Over and over again the Rabbi offers HIS view of what atheism implies and never what atheists and humanists actually say for themselves.  Contrast this to our constant use of his actual quotes!

Still, it would seem that we have gotten under the skin of Rabbi Gellman; otherwise he would not even bother to passively-aggressively attack atheists in this way.  So I sent him another missive which is as follows:


Dear Rabbi Gellman,


I was referred to your online article with the above headline only today.  It is just remarkable that you can write such an article, claiming to do so with good intent.  The very title itself is offensive – “Angry Atheists” – and is as much an insulting and false stereotype as any associated with Jews or other classes of persons.  I don’t have to give examples, do I?

You have no evidence that supports your contention that atheists are “often so angry”; if you did, you had a responsibility to disclose it.  But I will offer this; atheists are more often insulted and disrespected than any other class of persons, and often the only time atheists are acknowledged is when they react or respond to this bigotry – perhaps that is the source of your bias.  Obviously that is the case right here – your experience interfacing with atheists consists of responding to them AFTER you’ve insulted them!

Here is a website that displays numerous well-known persons insulting atheists in print: http://atheism.about.com/od/attacksonatheism/ ; you are among them.

Now here is my evidence that atheists are more often disrespected: a study at the University of Minnesota on this subject.  http://www.ur.umn.edu/FMPro?-db=releases&-lay=web&-format=umnnewsreleases/releasesdetail.html&ID=2816&-Find  Perhaps you could contact the authors if you really cared to understand atheists.

You go on to claim that atheists seem to find the religion, especially of their evangelical neighbors, “offensive.”  Although it is a fact that the religious are offended by the mere existence of the non-religious as evidenced by the above study, atheists have no illusions about living with neighbors who believe in the supernatural.  I never ask my neighbors about their religious beliefs; typically the religious proselytize, not atheists who generally mind their own business until someone tries to shove their beliefs down our throats.  That is why though over 10% of Americans are atheists, you’d never know it by casual observation.  Atheists are often in the closet.

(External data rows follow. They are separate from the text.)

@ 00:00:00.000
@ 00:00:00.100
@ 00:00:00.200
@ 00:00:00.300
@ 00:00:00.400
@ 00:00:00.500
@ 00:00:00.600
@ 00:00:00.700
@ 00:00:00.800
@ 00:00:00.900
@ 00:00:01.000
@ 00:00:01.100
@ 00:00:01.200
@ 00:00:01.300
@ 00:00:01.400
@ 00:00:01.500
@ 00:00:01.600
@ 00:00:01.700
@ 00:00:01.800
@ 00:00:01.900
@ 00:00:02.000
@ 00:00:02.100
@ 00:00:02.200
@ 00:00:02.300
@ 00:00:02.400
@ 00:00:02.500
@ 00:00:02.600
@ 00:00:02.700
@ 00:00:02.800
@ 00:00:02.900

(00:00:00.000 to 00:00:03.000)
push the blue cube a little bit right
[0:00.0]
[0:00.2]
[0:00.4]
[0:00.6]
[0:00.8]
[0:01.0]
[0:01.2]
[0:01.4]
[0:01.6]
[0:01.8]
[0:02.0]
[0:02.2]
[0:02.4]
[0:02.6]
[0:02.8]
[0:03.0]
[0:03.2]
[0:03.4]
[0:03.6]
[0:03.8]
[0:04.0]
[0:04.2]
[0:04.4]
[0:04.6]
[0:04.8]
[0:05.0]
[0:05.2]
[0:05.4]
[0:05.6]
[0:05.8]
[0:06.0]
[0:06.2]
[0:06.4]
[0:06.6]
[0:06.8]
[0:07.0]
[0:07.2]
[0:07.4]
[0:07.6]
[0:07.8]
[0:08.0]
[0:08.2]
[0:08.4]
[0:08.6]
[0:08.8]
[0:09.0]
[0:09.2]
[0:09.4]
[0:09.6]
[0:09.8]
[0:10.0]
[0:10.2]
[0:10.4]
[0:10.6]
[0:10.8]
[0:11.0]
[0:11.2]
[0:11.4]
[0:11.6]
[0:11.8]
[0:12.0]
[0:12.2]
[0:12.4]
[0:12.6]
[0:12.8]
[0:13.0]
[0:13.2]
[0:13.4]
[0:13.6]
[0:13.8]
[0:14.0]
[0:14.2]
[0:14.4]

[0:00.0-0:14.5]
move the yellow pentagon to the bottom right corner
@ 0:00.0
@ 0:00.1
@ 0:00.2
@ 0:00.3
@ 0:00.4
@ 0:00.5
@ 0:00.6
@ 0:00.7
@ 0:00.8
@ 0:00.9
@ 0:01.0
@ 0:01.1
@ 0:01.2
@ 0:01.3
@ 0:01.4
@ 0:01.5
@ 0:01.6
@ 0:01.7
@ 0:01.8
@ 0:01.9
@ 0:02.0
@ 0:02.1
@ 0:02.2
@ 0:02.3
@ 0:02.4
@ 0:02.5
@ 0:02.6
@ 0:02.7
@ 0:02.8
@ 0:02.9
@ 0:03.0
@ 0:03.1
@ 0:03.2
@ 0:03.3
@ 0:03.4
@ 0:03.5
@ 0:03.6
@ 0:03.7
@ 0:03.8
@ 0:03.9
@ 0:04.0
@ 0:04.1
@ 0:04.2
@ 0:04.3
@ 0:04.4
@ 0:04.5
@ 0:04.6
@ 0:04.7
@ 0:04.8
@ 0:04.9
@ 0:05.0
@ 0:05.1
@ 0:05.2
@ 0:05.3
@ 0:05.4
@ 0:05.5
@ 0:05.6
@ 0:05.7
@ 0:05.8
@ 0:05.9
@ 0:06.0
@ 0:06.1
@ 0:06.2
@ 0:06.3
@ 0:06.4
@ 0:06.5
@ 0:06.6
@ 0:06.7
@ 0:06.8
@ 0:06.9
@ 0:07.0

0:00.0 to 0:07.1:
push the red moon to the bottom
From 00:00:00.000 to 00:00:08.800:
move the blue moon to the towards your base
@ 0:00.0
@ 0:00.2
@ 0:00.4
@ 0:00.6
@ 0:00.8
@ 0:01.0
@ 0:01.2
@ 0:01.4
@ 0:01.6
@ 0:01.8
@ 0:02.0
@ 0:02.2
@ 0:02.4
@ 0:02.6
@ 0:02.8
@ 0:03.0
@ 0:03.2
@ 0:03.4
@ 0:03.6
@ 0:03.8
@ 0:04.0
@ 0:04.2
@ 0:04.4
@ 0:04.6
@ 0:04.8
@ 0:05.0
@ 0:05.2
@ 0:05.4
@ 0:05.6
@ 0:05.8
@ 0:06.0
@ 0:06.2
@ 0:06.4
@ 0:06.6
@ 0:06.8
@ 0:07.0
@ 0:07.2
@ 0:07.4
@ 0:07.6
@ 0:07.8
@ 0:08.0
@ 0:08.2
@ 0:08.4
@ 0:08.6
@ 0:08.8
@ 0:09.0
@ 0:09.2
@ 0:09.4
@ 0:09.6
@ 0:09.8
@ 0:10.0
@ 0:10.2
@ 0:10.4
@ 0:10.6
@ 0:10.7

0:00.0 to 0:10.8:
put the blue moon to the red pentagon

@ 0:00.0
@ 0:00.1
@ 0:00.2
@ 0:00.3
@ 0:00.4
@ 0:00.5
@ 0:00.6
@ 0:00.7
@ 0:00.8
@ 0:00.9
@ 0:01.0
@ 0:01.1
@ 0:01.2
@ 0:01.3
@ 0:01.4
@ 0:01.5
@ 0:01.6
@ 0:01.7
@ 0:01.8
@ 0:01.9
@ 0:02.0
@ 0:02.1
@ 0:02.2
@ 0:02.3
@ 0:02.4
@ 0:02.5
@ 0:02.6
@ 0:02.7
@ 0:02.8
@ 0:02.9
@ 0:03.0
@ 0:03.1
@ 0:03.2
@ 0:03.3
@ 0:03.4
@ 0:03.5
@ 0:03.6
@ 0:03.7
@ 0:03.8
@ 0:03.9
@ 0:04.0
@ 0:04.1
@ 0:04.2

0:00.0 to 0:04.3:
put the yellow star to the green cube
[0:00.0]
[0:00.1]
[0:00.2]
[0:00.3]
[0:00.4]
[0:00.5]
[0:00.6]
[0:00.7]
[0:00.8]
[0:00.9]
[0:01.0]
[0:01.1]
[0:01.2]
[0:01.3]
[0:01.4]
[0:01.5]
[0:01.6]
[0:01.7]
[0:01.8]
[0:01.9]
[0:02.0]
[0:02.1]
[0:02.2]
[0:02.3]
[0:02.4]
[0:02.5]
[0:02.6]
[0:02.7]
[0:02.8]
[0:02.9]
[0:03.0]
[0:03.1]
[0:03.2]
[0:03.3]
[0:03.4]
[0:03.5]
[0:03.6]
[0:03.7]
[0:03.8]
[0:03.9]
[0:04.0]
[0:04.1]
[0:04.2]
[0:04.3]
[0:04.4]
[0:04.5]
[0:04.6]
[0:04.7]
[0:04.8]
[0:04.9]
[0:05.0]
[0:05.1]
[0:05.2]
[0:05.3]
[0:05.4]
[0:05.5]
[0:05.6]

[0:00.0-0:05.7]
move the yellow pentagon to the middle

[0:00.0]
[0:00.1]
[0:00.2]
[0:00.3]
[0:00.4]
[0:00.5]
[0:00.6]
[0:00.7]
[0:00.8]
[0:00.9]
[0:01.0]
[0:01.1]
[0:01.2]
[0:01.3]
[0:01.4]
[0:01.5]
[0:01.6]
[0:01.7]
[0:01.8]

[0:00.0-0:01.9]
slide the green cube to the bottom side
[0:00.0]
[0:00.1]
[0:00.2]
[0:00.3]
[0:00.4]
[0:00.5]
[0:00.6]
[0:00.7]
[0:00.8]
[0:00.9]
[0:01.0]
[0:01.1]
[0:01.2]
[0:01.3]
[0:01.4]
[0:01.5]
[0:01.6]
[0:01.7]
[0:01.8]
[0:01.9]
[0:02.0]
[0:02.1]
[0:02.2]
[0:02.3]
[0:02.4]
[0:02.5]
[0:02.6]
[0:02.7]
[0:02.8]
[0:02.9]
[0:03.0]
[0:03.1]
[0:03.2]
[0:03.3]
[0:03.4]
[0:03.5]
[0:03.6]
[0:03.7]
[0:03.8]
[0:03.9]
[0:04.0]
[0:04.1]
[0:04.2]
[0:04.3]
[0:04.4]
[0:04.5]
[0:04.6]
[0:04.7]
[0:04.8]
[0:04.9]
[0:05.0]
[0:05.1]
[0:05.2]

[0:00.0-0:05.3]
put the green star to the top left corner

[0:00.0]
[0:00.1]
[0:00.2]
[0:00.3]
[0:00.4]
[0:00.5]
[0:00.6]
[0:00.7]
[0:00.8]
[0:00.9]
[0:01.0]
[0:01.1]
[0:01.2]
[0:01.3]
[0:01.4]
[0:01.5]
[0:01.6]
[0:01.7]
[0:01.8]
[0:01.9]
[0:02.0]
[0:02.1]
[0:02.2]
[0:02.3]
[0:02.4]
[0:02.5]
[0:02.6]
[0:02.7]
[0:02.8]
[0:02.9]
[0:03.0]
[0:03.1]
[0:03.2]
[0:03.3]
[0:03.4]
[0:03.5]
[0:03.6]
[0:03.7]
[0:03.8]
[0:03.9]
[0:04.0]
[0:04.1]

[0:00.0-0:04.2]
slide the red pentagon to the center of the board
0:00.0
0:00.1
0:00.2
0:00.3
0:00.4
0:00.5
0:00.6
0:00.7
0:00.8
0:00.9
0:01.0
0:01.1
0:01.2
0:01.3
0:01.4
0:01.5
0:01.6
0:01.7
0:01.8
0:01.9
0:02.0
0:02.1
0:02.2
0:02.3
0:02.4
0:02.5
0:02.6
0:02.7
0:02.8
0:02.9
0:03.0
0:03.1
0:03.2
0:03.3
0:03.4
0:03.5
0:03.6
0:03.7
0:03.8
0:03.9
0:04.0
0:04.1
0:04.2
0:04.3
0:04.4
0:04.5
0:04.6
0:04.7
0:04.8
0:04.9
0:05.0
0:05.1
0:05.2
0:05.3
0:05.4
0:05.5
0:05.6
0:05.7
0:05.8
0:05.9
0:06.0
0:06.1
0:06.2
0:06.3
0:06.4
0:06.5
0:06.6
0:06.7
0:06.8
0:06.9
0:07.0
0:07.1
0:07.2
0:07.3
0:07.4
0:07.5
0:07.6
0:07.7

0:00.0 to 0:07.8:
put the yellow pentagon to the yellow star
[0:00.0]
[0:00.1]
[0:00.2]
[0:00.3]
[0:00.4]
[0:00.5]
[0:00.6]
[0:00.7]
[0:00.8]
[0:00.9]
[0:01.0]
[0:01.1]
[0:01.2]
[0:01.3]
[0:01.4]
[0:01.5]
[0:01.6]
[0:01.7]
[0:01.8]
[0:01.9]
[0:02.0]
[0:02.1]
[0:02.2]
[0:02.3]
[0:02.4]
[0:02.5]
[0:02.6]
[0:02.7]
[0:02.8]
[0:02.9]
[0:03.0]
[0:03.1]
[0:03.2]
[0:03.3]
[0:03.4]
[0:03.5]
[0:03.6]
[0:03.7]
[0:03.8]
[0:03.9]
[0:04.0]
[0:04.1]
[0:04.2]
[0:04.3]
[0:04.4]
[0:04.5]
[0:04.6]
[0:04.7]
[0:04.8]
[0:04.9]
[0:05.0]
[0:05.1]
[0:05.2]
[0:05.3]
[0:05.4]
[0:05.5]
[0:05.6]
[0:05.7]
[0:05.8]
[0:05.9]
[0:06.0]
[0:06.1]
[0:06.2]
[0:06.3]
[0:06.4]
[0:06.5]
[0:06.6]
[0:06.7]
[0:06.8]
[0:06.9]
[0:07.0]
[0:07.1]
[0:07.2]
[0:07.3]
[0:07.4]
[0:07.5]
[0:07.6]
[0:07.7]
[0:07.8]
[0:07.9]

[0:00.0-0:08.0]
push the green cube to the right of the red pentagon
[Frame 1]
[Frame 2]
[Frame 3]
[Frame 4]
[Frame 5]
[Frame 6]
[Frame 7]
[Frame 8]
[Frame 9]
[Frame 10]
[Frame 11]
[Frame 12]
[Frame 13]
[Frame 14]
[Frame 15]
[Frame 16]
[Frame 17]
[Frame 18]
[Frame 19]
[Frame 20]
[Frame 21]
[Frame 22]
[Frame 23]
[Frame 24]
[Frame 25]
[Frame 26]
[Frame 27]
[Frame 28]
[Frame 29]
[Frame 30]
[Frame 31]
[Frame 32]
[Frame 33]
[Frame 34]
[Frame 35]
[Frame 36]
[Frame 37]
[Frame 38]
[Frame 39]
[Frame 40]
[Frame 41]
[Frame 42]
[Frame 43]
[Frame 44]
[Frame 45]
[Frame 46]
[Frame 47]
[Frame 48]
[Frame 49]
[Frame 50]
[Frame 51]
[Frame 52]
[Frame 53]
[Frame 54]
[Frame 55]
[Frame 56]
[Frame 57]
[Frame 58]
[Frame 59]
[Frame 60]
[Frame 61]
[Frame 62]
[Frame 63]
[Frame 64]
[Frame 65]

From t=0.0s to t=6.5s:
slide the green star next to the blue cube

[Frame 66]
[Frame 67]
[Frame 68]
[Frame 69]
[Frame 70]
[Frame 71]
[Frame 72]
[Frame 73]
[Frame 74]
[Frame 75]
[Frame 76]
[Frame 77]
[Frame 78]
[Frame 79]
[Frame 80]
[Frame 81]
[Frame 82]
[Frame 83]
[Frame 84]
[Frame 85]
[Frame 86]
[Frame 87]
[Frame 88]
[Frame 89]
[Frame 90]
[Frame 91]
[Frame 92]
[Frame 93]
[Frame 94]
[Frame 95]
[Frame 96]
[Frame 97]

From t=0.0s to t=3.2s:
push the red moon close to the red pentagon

Atheists typically, however, do not hold out hope for another life beyond this one.  If you consider that a hopeless situation, then of course, that is a sad thing for you.  I enjoy life whether it is eternal or not.  In fact it is inconceivable how an eternal life can stay interesting or meaningful.  That is a discussion for another day but a realistic view of life should lead to a desire for a more meaningful life.  Only believers worry about eternal hell by the way – nonbelievers worry about hell on earth.

What many atheists DO find offensive are supernatural beliefs that are imposed on their lives.  I am offended that my children must endure “under God” in the Pledge in school.  The religious NEVER have to under a Pledge of Allegiance that says we are a country “under NO God” even though in fairness, it should be said that way about 10% of the time.  This is trivial to the larger issues though.

I was offended as a young person growing up that many (not all, thank goodness for Jimmy Carter) Southern Baptists fought against civil rights and integration in this country by citing the Bible.  I was offended when my Catholic parents and neighbors picketed Public Schools and fled with their children to Catholic Schools to avoid integration in New York, not for a better education.  I was offended when a nuntaught us a story in Catechism classes about Communion wafer desecration by a Jewishbutcher as if it were 100% a true story.  I am offended when someone claims that those not saved through faith in Christ are going to suffer ETERNALLY in hell – and that since God is good and just, THEY DESERVE IT.  Aren’t YOU offended by that?  Isn’t the rejection of Jesus the source of anti-Semitism?

Isn’t it normal to be offended when a prominent TV news anchor claims that there are “no atheists in foxholes.”  (Yes, Tom Brokaw and Katie Couric have said this.)  Imagine saying this after covering Pat Tillman’s funeral!  Yes, according to his own brother and disputed by no one, he was an atheist.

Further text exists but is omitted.